Go to the line in the entries below that holds "cover by kind: broadleaved forest trees 100 %" and repeat exactly from there through the line that holds "longitude: 15.2623", inclusive.

================

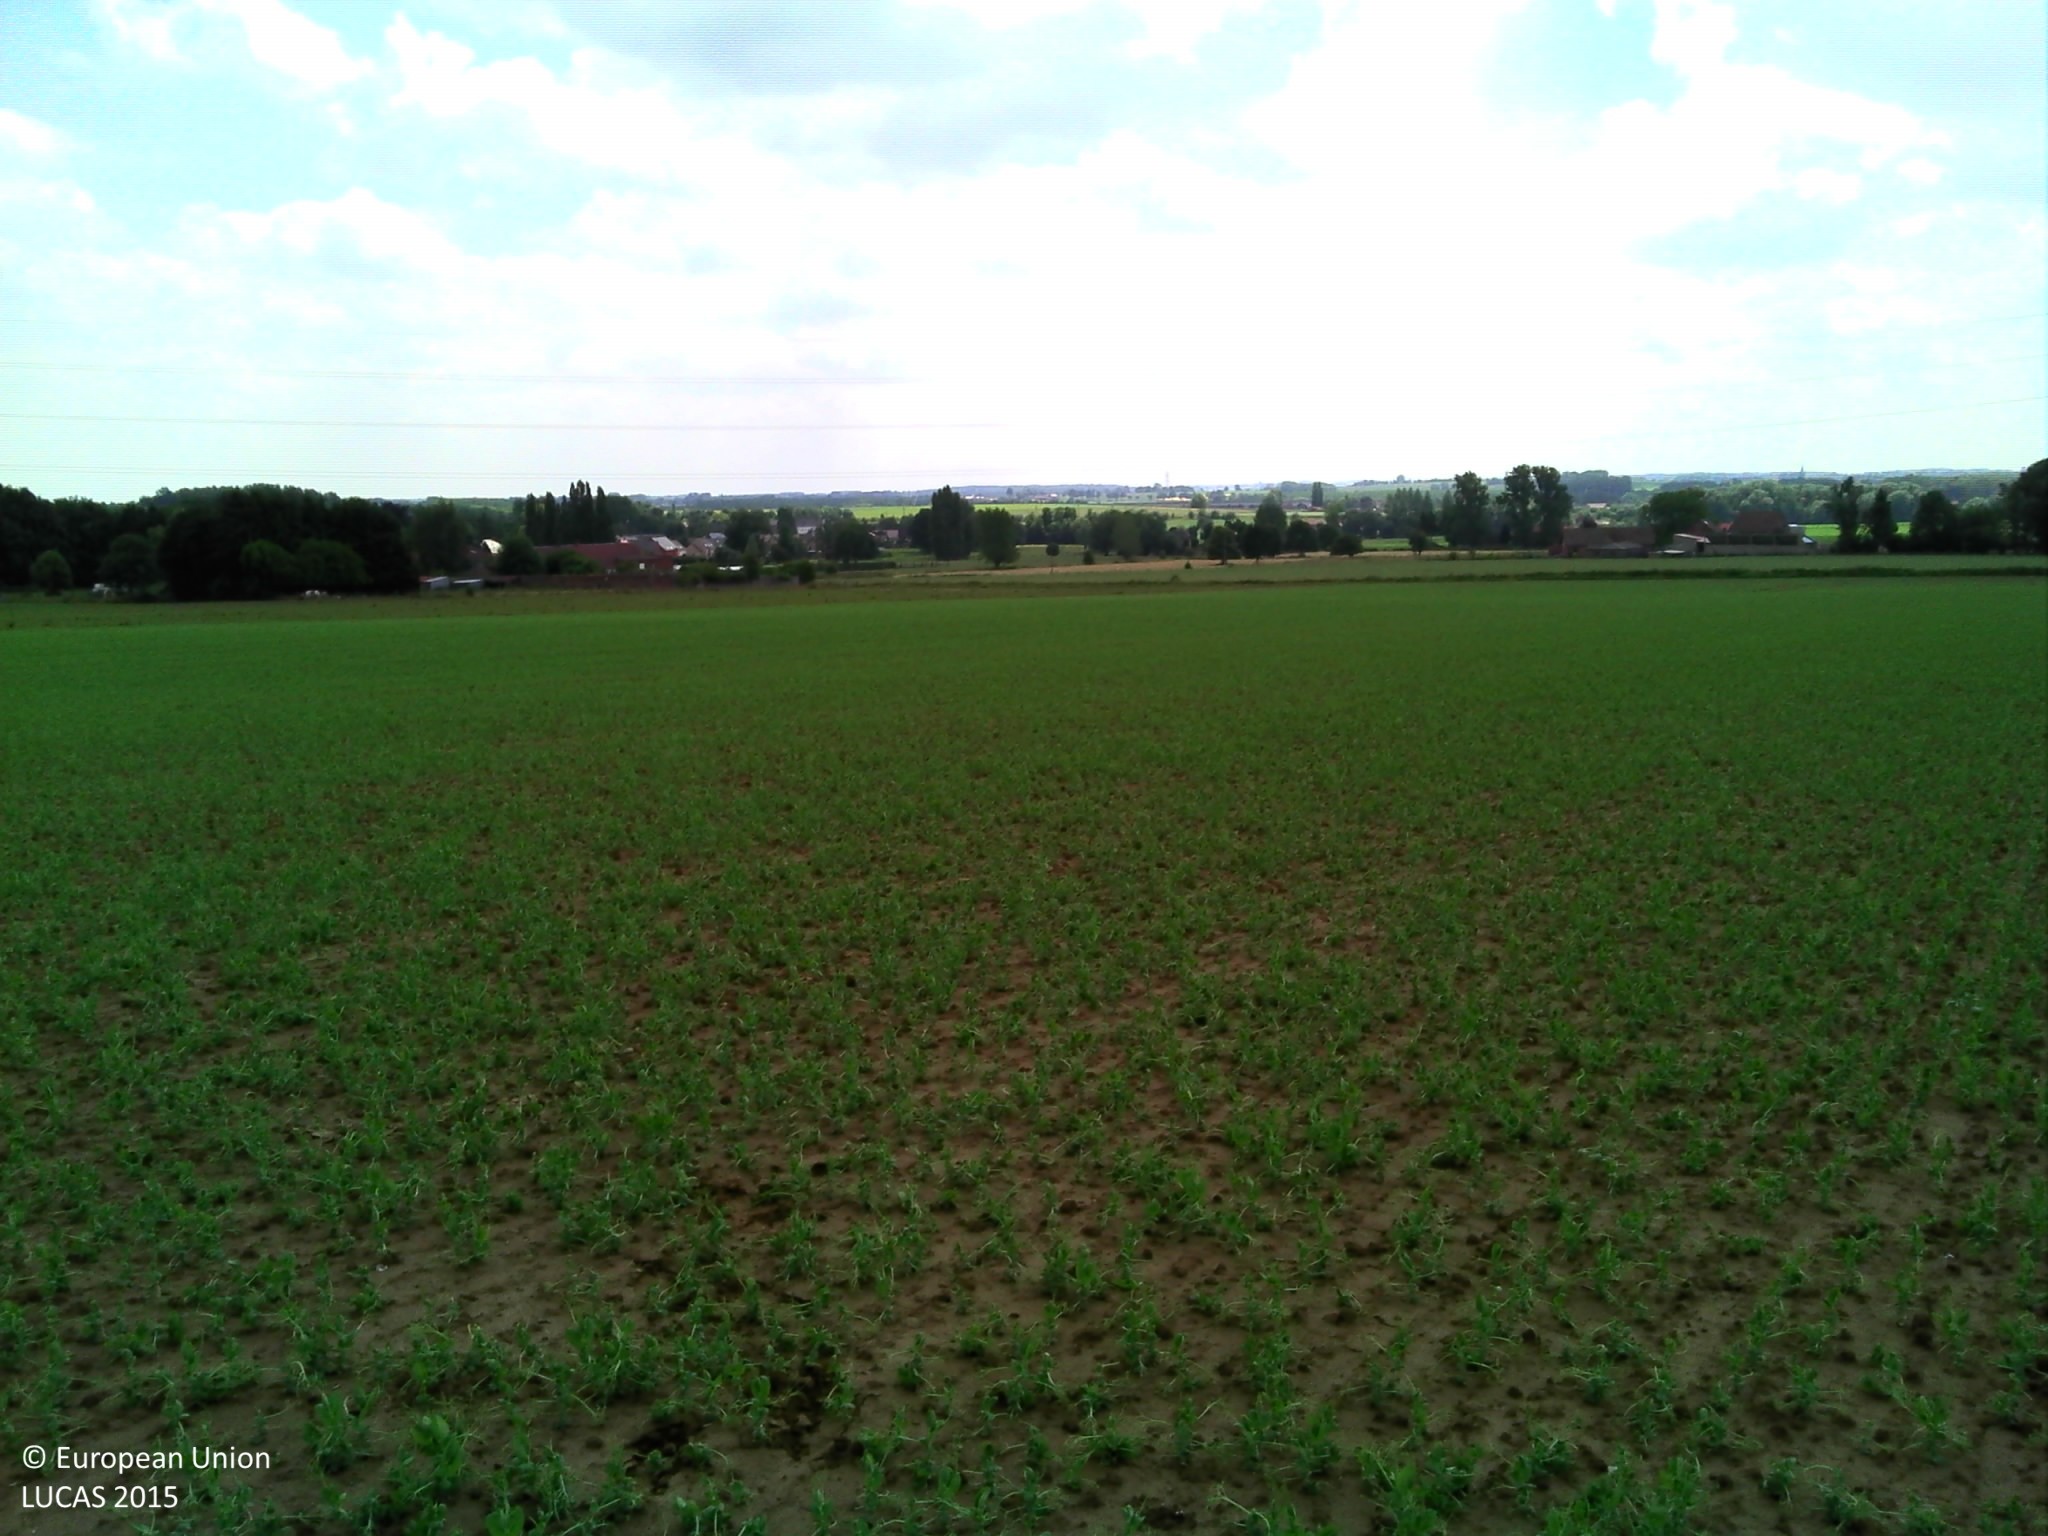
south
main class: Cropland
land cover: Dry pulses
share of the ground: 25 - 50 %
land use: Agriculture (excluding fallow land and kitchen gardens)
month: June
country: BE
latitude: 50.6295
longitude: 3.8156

================

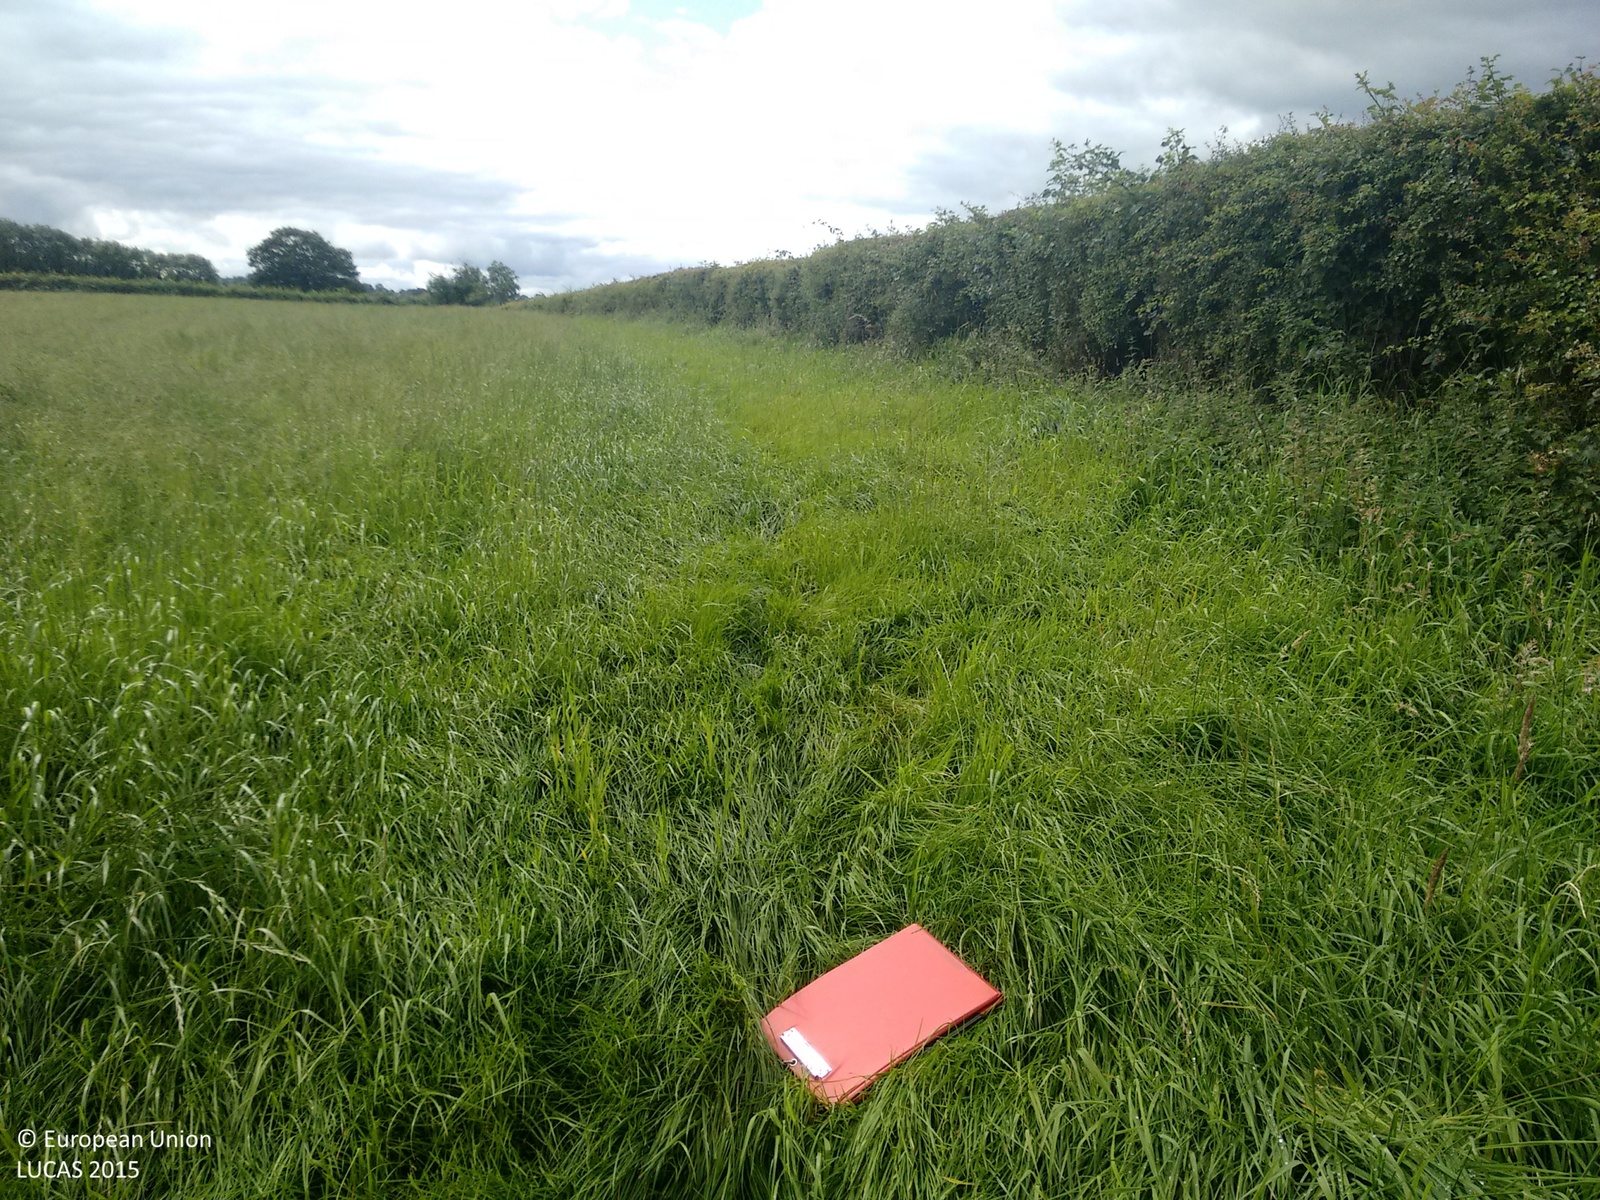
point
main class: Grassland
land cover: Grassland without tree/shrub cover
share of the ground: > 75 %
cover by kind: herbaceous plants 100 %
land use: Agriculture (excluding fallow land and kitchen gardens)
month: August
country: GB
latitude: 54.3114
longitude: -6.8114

================

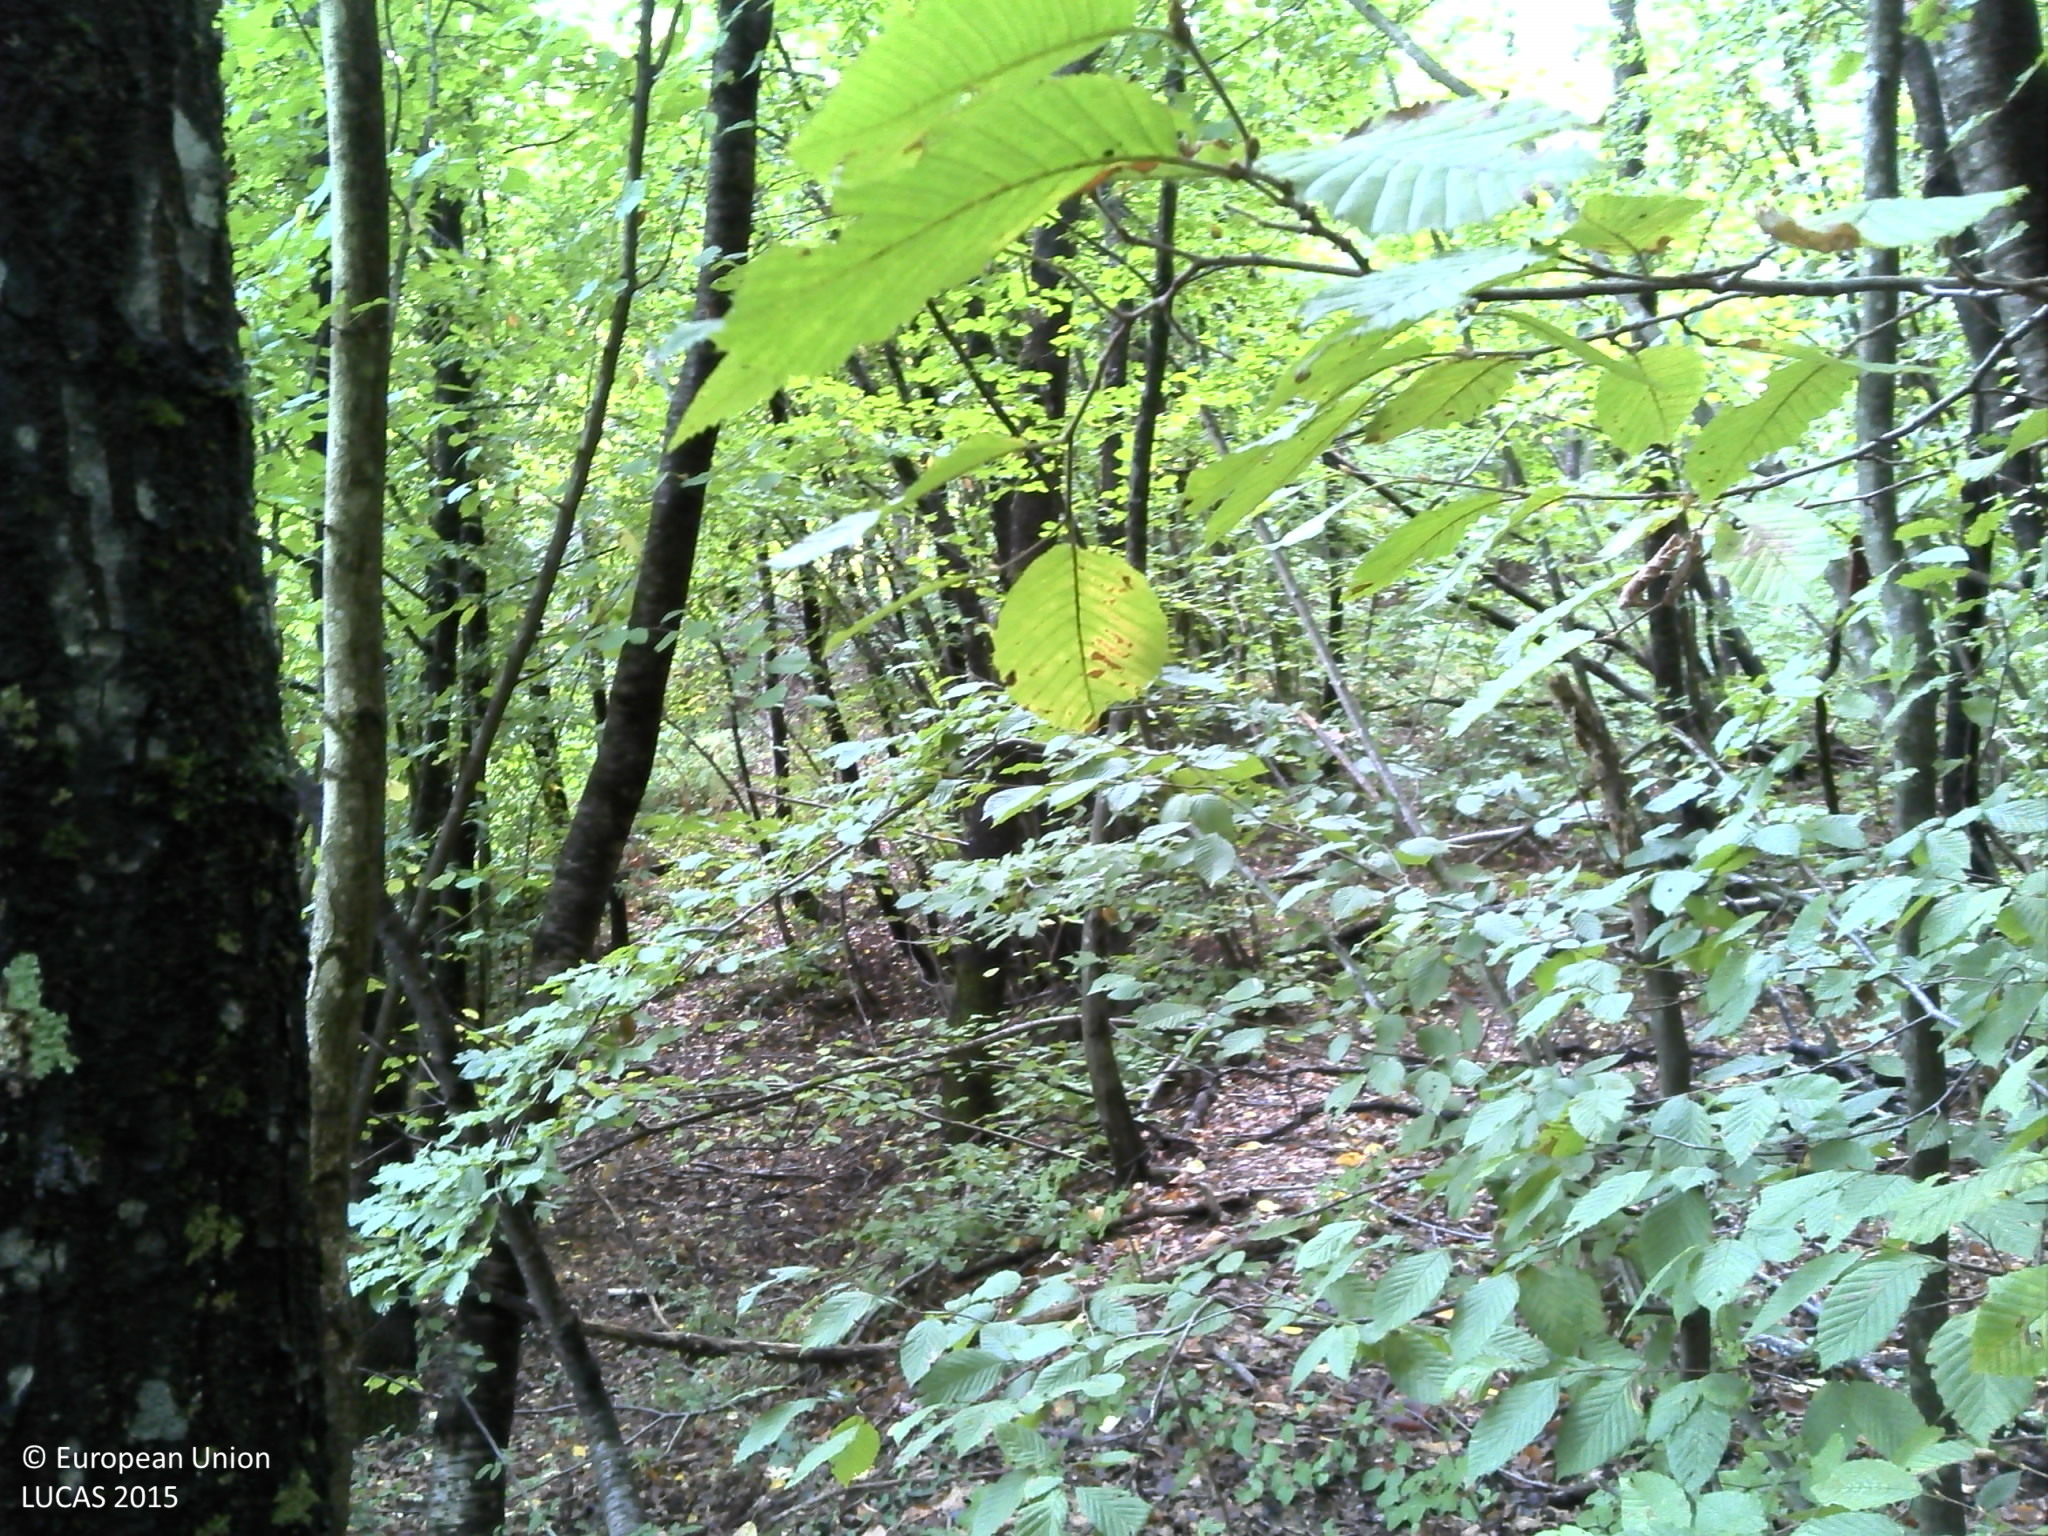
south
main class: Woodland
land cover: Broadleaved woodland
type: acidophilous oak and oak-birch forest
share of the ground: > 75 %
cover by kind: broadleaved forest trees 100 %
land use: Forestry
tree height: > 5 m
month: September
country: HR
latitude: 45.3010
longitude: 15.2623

================

#### Answer for this exercise:
cover by kind: broadleaved forest trees 100 %
land use: Forestry
tree height: > 5 m
month: September
country: HR
latitude: 45.3010
longitude: 15.2623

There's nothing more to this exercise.